Former Thai Prime Minister Srettha Thavisin actively promoted the scheme during his 11 months in office. He claimed that giving consumers money would help boost the country’s GDP.
The overall scheme involves paying 10,000 baht ($280) to 45 million citizens to spend locally to stimulate the economy. On 25 September, the government launched the first phase of the programme, under which the amount would be distributed in cash to the bank accounts of Thai social security cardholders and citizens with disabilities.
The digital wallet scheme is estimated to cost the Thai government $14 billion. However, economists debate whether it will be effective in stimulating consumer spending or whether it is just a populist policy.
Ilada Pitsuwan, a Thailand-based economic journalist, believes there are pros and cons to the distribution.
For political agendas, it is quite clear that after the introduction of the 10,000-baht cash handouts, the popularity of PM Paetongtarn Shinawatra, rose to the top, according to a NIDA poll.
The People’s Party, a regrouping of the disbanded Move Forward Party, remains the most popular political force in Thailand, according to a recent poll. Ilada said the economic push could help the Pheu Thai Party’s popularity in the short term.
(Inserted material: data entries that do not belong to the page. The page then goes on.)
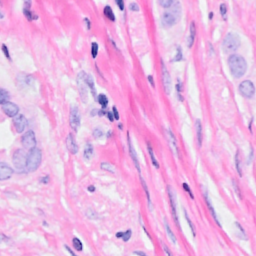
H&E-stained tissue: Breast
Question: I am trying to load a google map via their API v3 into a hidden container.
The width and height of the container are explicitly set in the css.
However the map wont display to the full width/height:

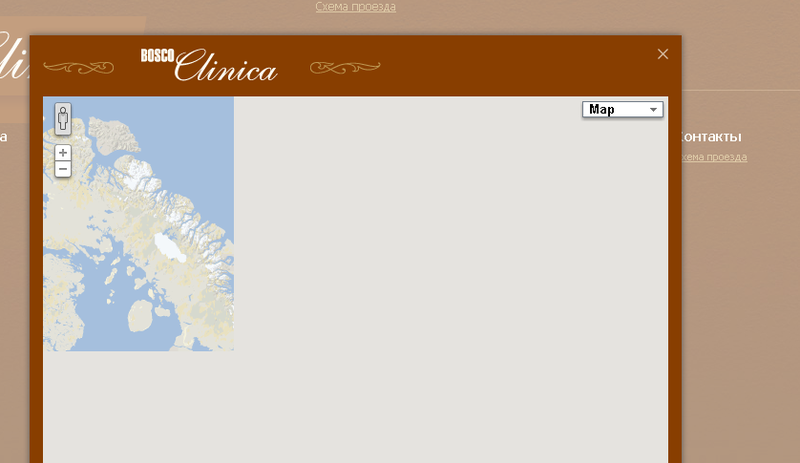
Answer: It's a FAQ. call
'''
google.maps.event.trigger(map, 'resize');
'''
before showing the map.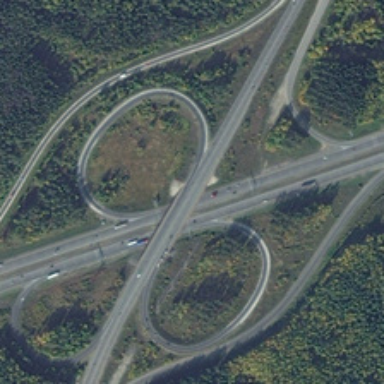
Many green plants are near a viaduct .
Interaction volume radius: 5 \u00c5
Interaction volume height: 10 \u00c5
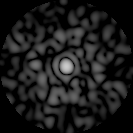
Disorder parameter: 0.8491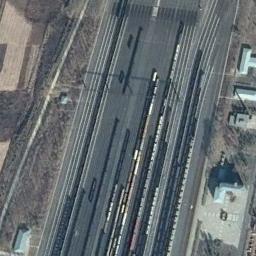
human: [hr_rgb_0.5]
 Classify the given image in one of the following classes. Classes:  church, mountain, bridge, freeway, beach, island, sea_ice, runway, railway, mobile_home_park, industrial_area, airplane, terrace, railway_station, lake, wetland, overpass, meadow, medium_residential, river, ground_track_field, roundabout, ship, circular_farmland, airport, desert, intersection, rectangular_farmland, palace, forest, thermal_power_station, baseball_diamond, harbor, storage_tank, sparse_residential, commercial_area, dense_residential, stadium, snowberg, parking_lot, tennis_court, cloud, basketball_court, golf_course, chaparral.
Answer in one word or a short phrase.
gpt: railway
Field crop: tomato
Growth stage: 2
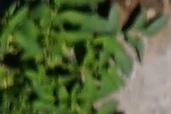
Species: tomato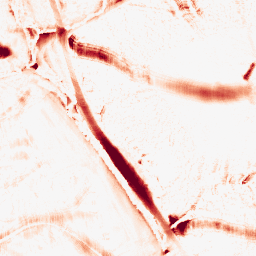
Category: morphological
Decomposition family: morphological_ellipse
Decomposition parameters: operation: opening
width: 30
height: 20
Upsampling method: regularized
Upsampling parameters: scale: 4
lambda_reg: 0.01
Upsampling scale: 4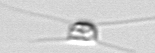
Label: Chaetoceros_similis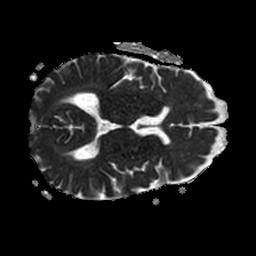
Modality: ADC
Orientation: axial
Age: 59
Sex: male
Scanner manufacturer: philips
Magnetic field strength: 1.5 T
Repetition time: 3.395 s
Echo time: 0.06922 s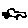
Label: car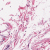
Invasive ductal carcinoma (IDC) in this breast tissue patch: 0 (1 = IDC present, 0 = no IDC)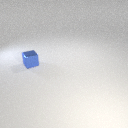
small blue metal cube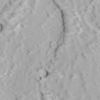
Label: not_dusty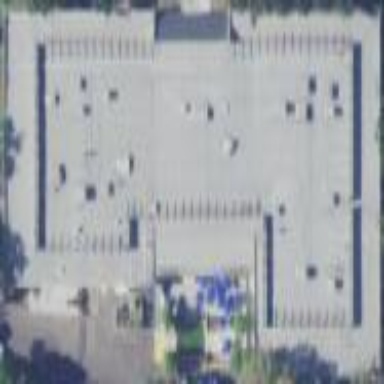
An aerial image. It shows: Commercial building.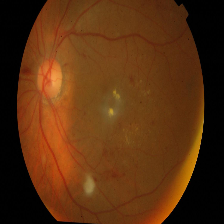
Diabetic retinopathy grade: Proliferative DR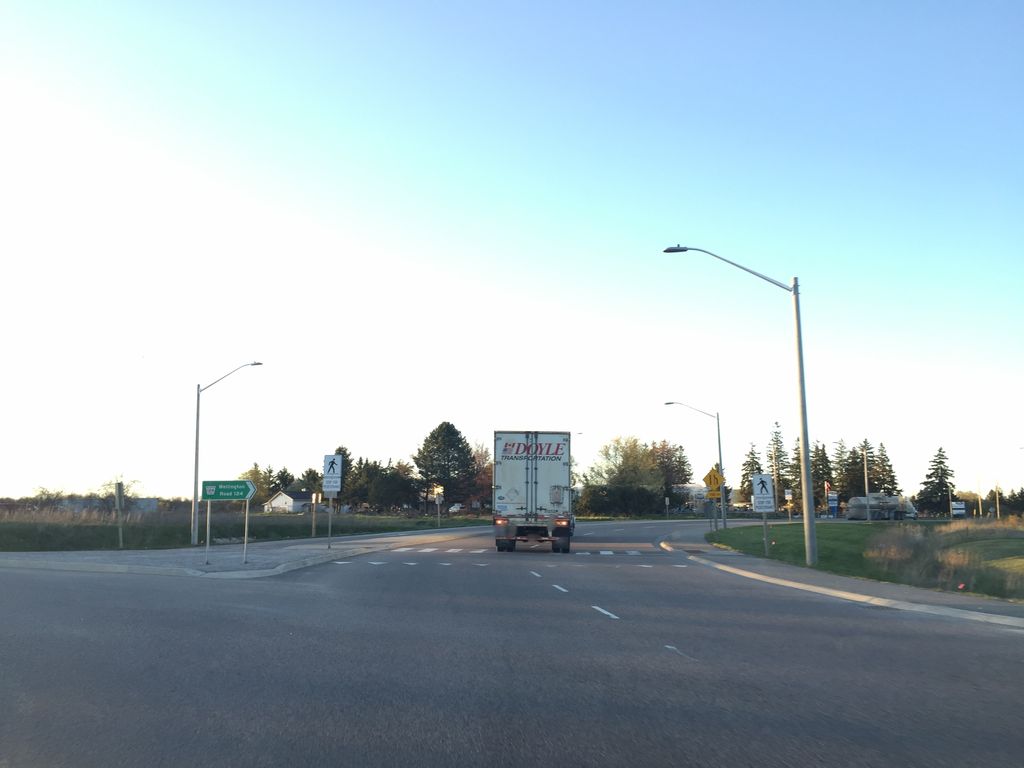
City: kitchener-waterloo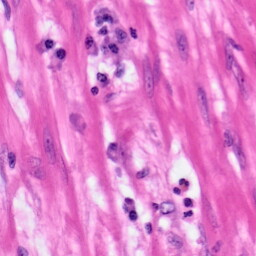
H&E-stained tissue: Pancreatic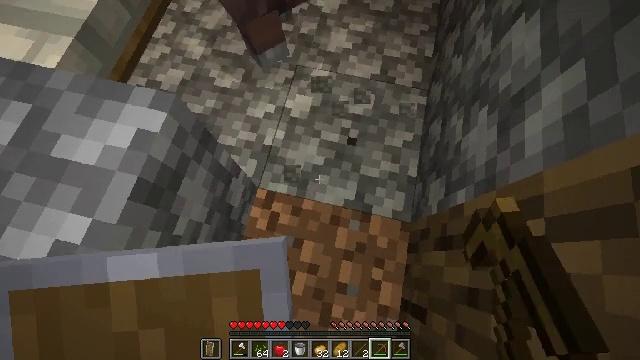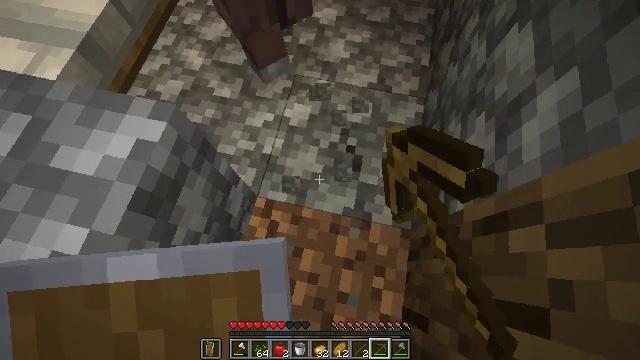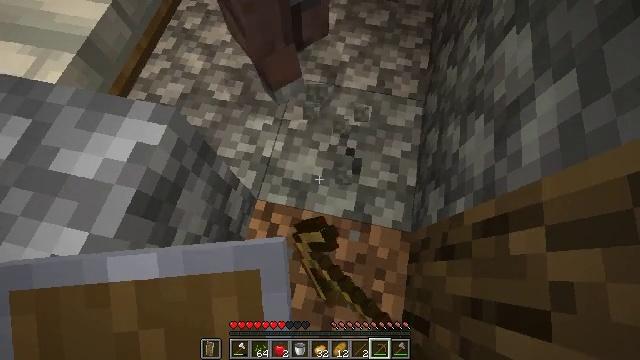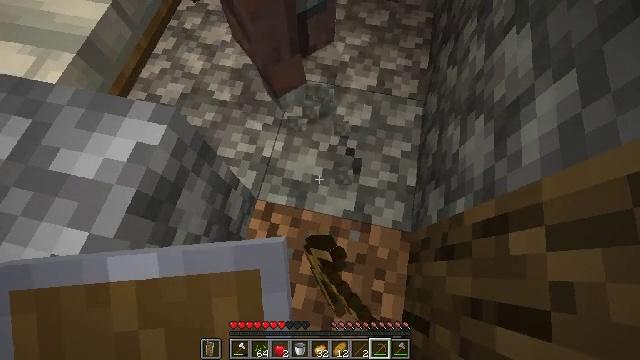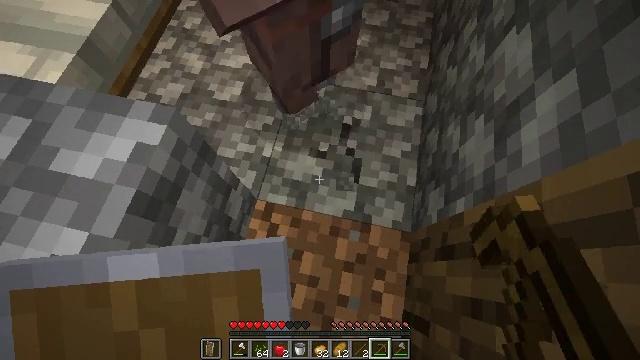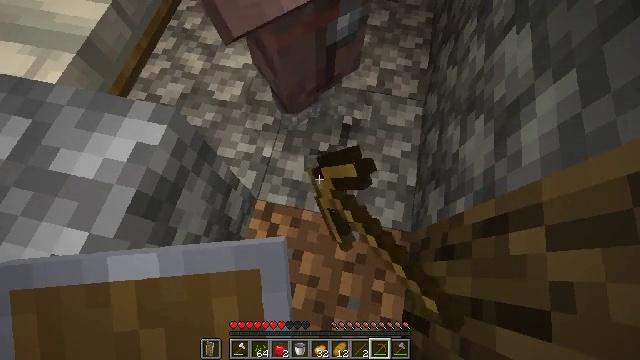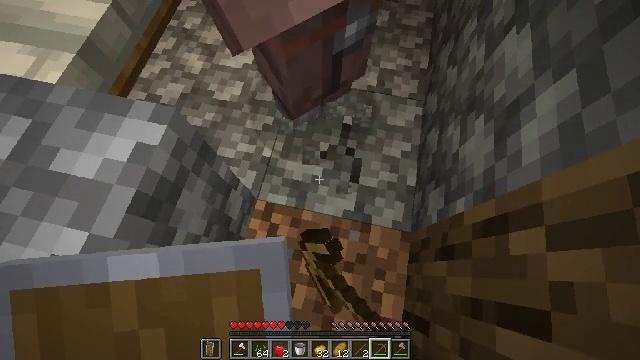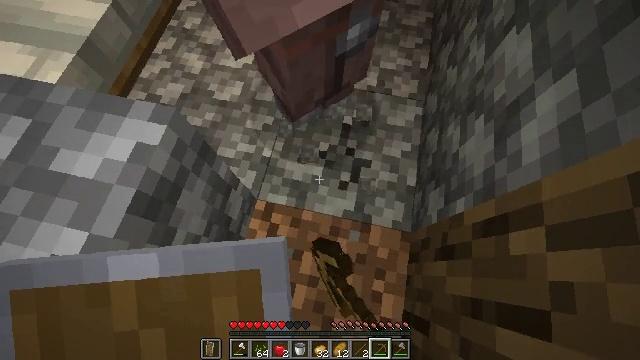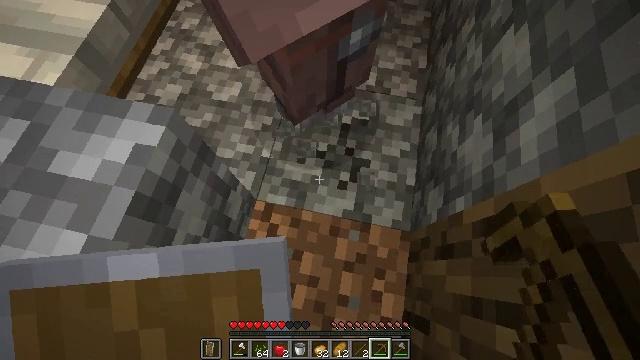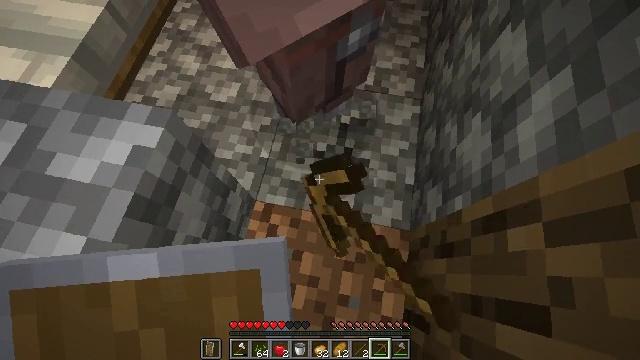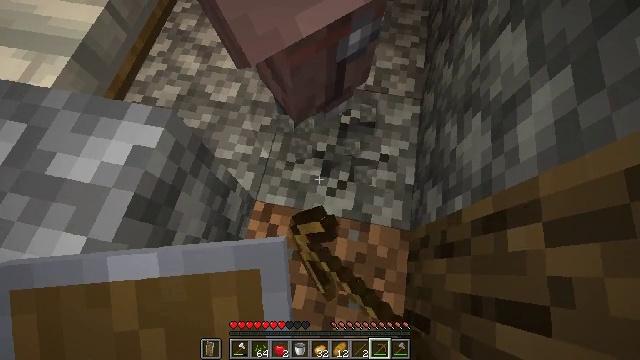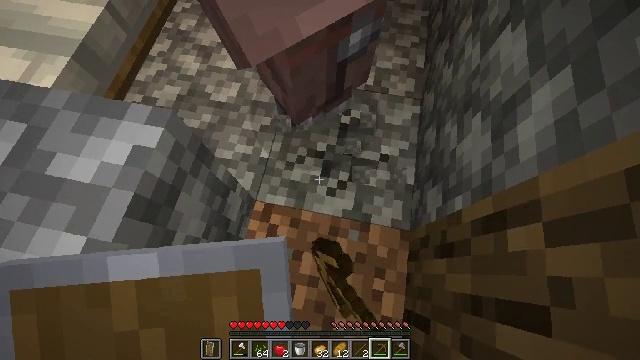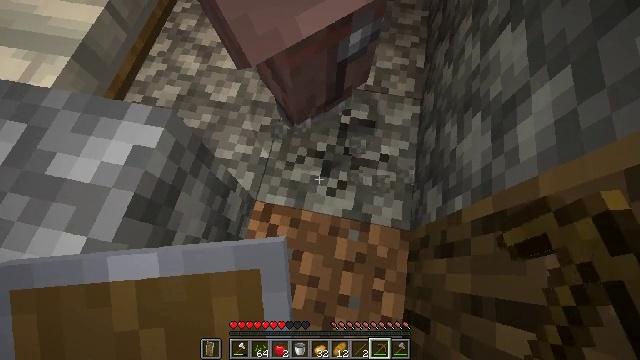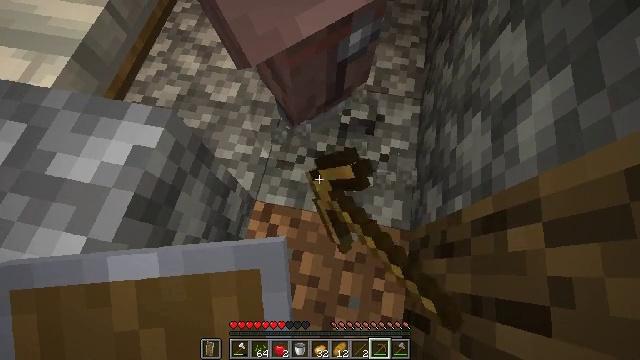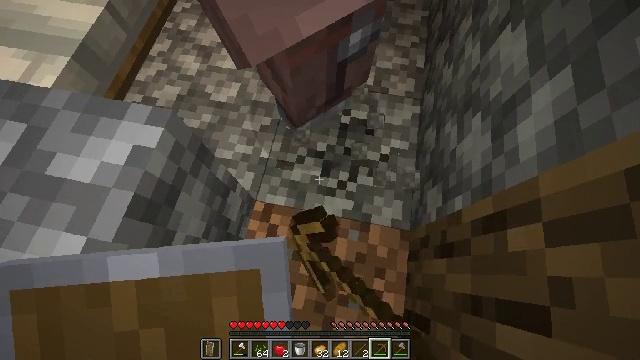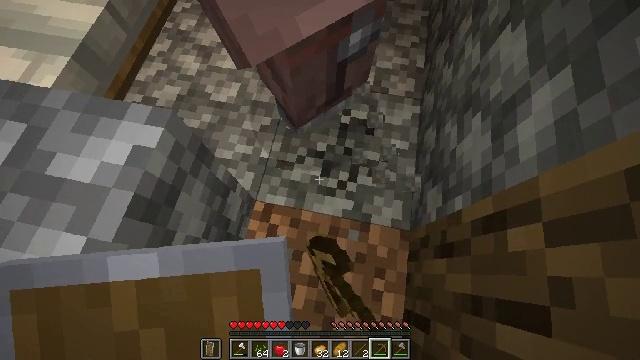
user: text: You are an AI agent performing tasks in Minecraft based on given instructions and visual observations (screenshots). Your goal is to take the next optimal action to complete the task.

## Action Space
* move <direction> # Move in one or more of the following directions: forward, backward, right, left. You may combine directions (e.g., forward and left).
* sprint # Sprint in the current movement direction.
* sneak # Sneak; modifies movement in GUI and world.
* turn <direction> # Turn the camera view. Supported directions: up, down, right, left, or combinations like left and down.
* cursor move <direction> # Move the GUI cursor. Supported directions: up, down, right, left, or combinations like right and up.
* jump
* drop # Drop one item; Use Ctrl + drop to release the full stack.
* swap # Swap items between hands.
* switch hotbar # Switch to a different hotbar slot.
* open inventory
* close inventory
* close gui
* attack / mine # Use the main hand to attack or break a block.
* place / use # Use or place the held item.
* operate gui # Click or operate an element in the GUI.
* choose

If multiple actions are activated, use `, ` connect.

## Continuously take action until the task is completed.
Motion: motion action
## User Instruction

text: Collect cobblestone blocks for construction.
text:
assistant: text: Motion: turn up, attack / mine
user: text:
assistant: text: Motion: attack / mine
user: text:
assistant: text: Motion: attack / mine
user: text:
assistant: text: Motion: attack / mine
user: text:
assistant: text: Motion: attack / mine
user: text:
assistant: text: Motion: attack / mine
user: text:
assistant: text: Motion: attack / mine
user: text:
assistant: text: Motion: attack / mine
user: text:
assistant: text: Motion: attack / mine
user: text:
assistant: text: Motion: attack / mine
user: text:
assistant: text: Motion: attack / mine
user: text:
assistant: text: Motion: attack / mine
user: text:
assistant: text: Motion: attack / mine
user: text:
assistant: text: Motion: attack / mine
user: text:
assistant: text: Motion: attack / mine
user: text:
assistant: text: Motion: attack / mine
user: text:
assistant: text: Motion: attack / mine
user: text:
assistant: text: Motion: attack / mine
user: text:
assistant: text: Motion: attack / mine
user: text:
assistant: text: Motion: attack / mine
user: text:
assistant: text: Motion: attack / mine
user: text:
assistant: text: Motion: attack / mine
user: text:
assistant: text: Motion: attack / mine
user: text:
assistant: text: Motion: attack / mine
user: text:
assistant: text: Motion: attack / mine
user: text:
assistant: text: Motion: attack / mine
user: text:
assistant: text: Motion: attack / mine
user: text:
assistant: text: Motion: attack / mine
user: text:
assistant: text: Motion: attack / mine
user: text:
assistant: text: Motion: move right, turn left and up, attack / mine

In the long term, however, the Thai people need structural changes in the country.
The current challenge of the Thai economy is the influx of cheap Chinese goods that could threaten Thai manufacturing in the long term. It would be beneficial if this policy continues to drive Thailand’s economic growth, but if not, the results of this huge consumption may not benefit Thai manufacturers and may instead spread outside the country as well.